Comparative immune responses following intragastric immunization with recombinant L. plantarum and L. lactis strains. (A) Anti-TTFC serum IgG titers. Individual sera were collected 10 days after priming (solid bars) and after the first boost (striped bars) or the second boost (cross-hatched bars) from groups of eight mice immunized either with buffer alone, with 10⁹ CFU of the control nonexpressing strain NCIMB8826/pTG2247 or MG1363/pTX, or with 10⁹ CFU of the TTFC-producing strain NCIMB8826/pMEC127, MD007/pMEC127, NZ3900/pMEC46, or PH3960/pMEC46. The bars indicate the mean ELISA IgG titer ± standard error of the mean for each group. (B) Serum anti-TTFC antibody IgG1, IgG2a, IgG2b, IgG3, and IgA titers after intragastric immunization (second boost) of mice with buffer (open bars) or with 10⁹ CFU of L. plantarum NCIMB8826/pTG2247 (horizontally striped bars), NCIMB8826/pMEC127 (solid bars), or MD007/pMEC127 (bars with arrowheads) or L. lactis MG1363/pTX (diagonally striped bars), NZ3900/pMEC46 (cross-hatched bars), or PH3960/pMEC46 (bars with diamonds).
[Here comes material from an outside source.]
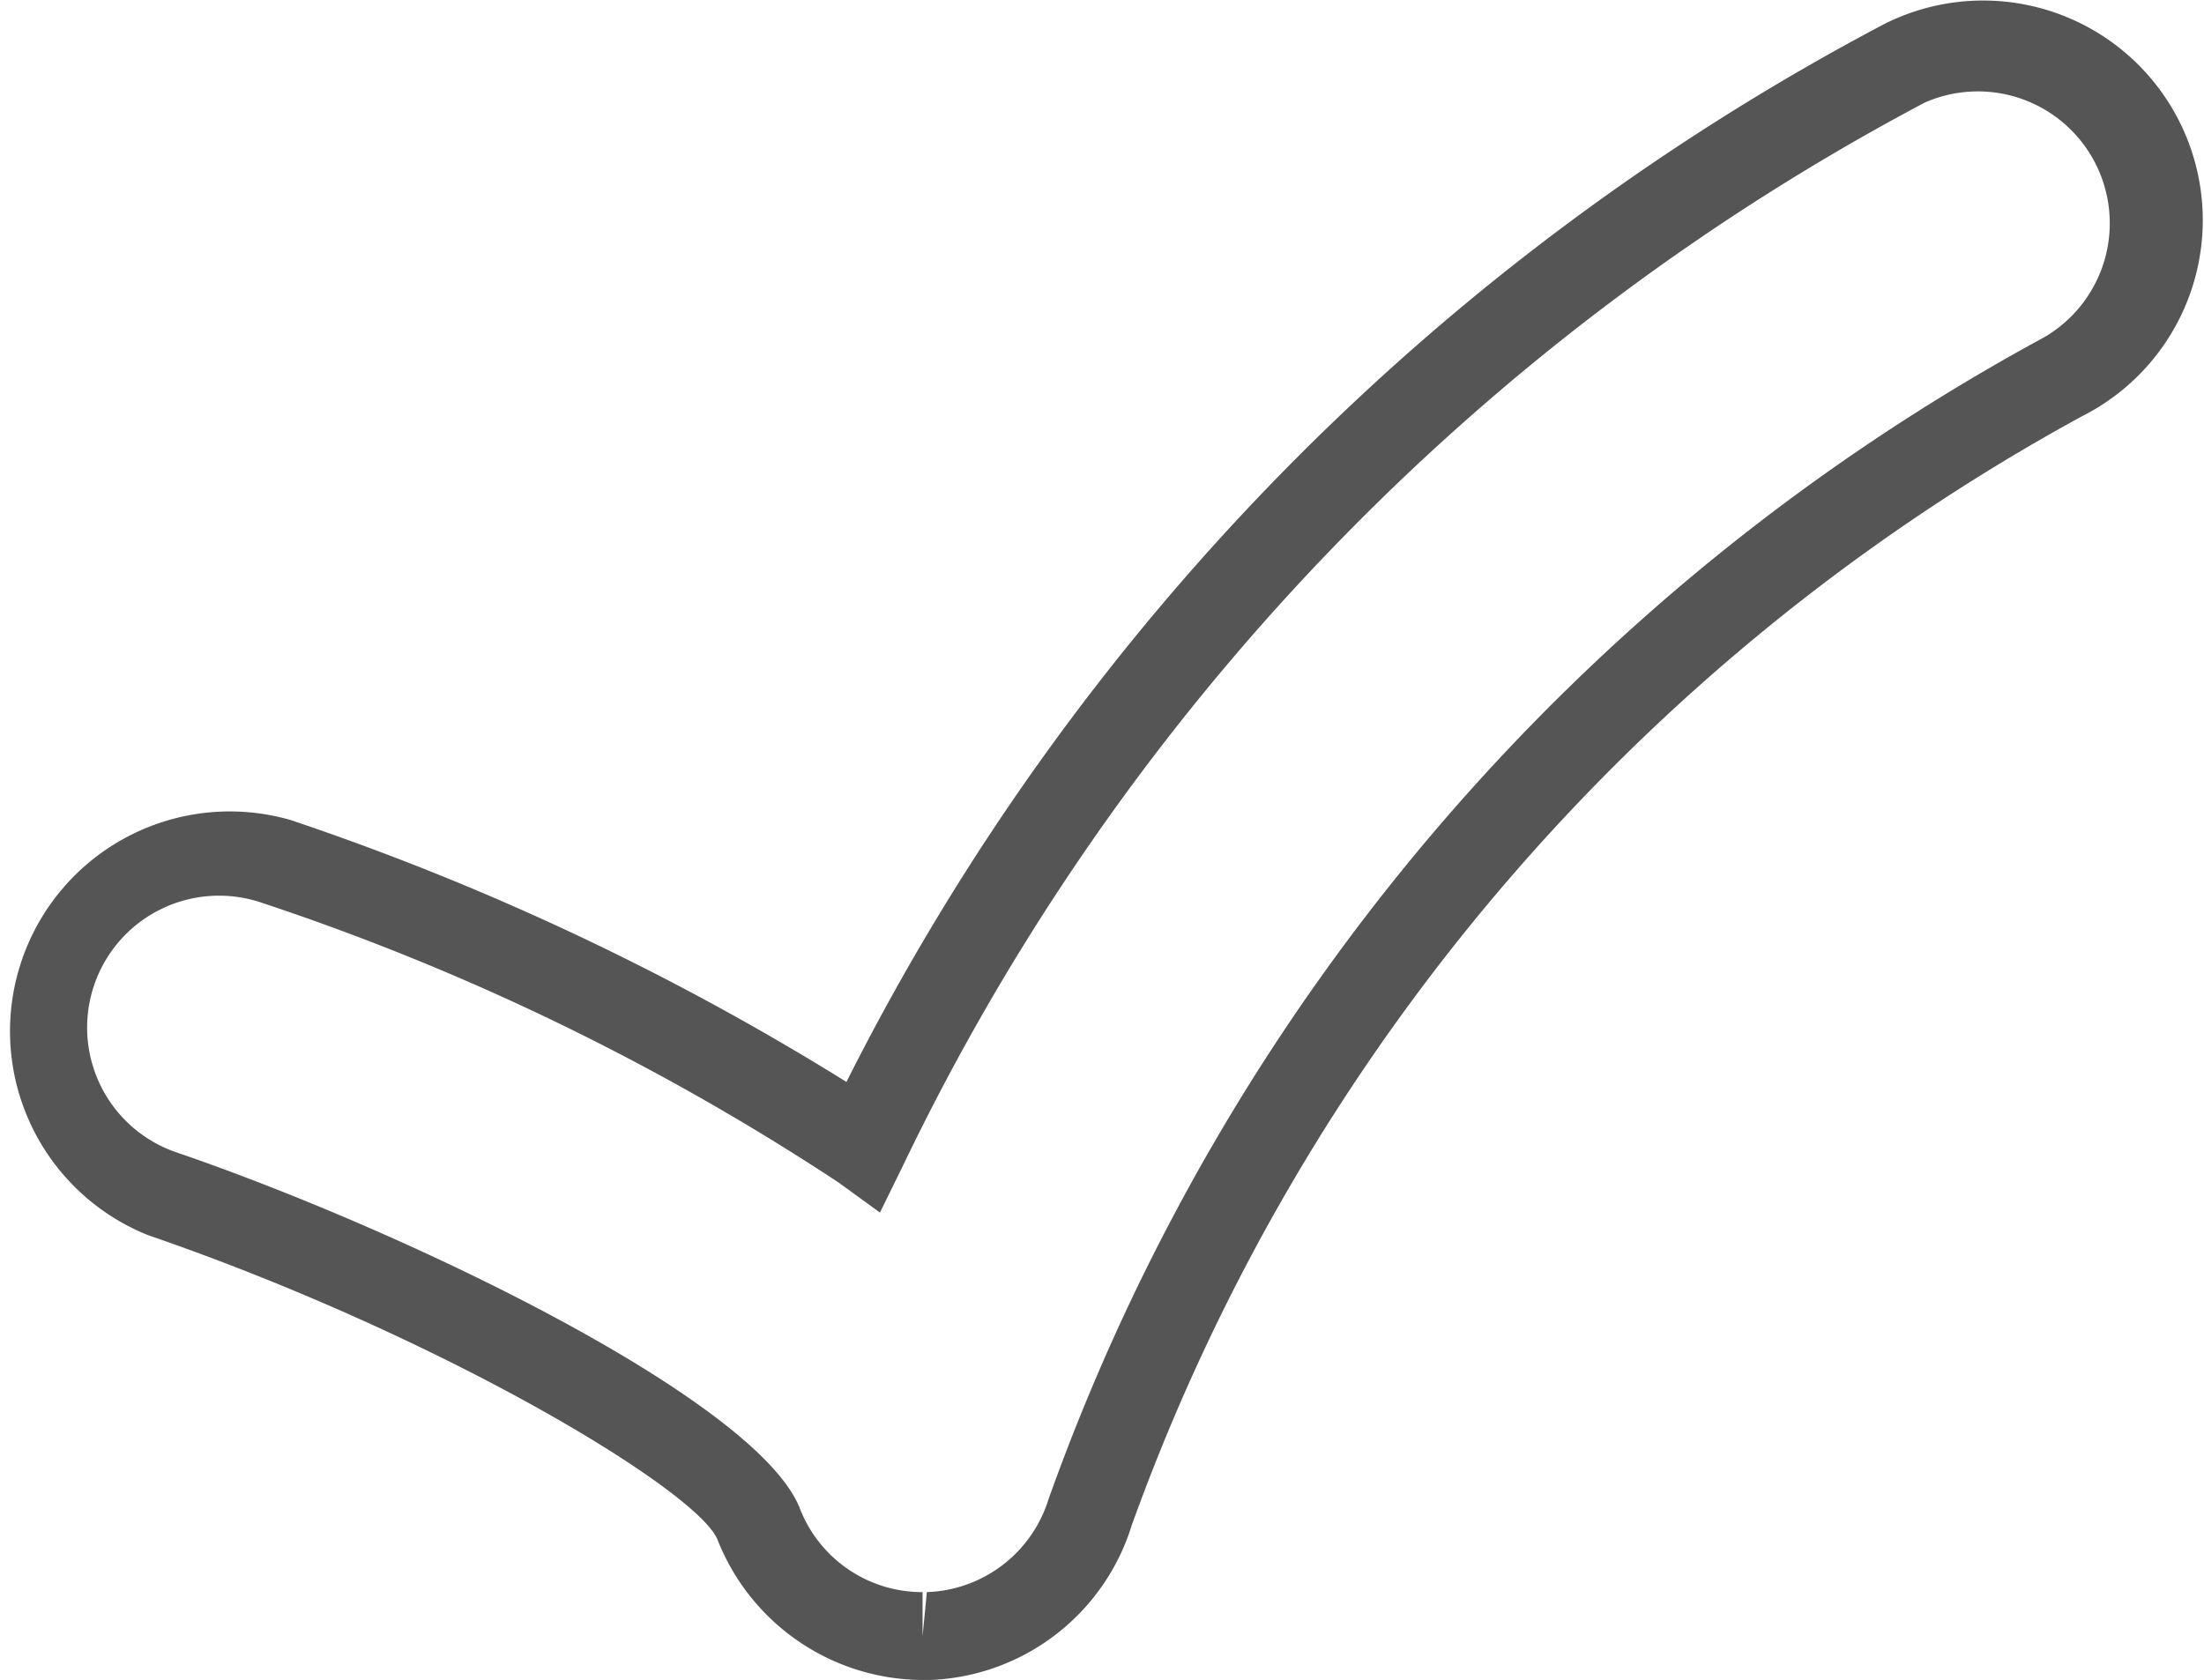 <svg xmlns="http://www.w3.org/2000/svg" width="15.925" height="12.14" viewBox="0 0 15.925 12.14">
  <g id="グループ_8641" data-name="グループ 8641" transform="translate(0)">
    <path id="パス_20" data-name="パス 20" d="M266.6,51.5a1.6,1.6,0,0,1-1.48-1.015c-.149-.357-1.985-1.467-4.115-2.2a1.588,1.588,0,0,1,1.03-3,19.124,19.124,0,0,1,4.017,1.893,17.563,17.563,0,0,1,7.5-7.646,1.587,1.587,0,1,1,1.426,2.836,14.863,14.863,0,0,0-6.865,8.015A1.588,1.588,0,0,1,266.66,51.5Zm-5.082-5.668a.953.953,0,0,0-.307,1.855c1.678.575,4.175,1.785,4.5,2.562a.948.948,0,0,0,.891.616v.318l.031-.318a.954.954,0,0,0,.879-.671A15.452,15.452,0,0,1,274.7,41.8a.953.953,0,0,0-.856-1.7,17.021,17.021,0,0,0-7.385,7.686l-.165.336-.3-.218a17.669,17.669,0,0,0-4.158-2.018A.959.959,0,0,0,261.523,45.832Z" transform="translate(-259.936 -39.359)" fill="#555"/>
  </g>
</svg>

The isotypic response was analyzed by using pooled sera of each group collected after the last boost.

FIG. 5.

Anti-TTFC serum IgG titers following intravaginal immunization with recombinant L. plantarum NCIMB8826 and L. lactis MG1363 strains. Individual sera were collected 10 days after priming (solid bars) and after the first boost (striped bars) and the second boost (cross-hatched bars) from groups of eight mice immunized with buffer alone, with 10⁹ CFU of the control nonexpressing strain NCIMB8826/pTG2247 or MG1363/pTX, or with 10⁹ CFU of the TTFC-producing strain NCIMB8826/pMEC127, MD007/pMEC127, NZ3900/pMEC46, or PH3960/pMEC46. The bars indicate the mean ELISA IgG titer ± standard error of the mean for each group.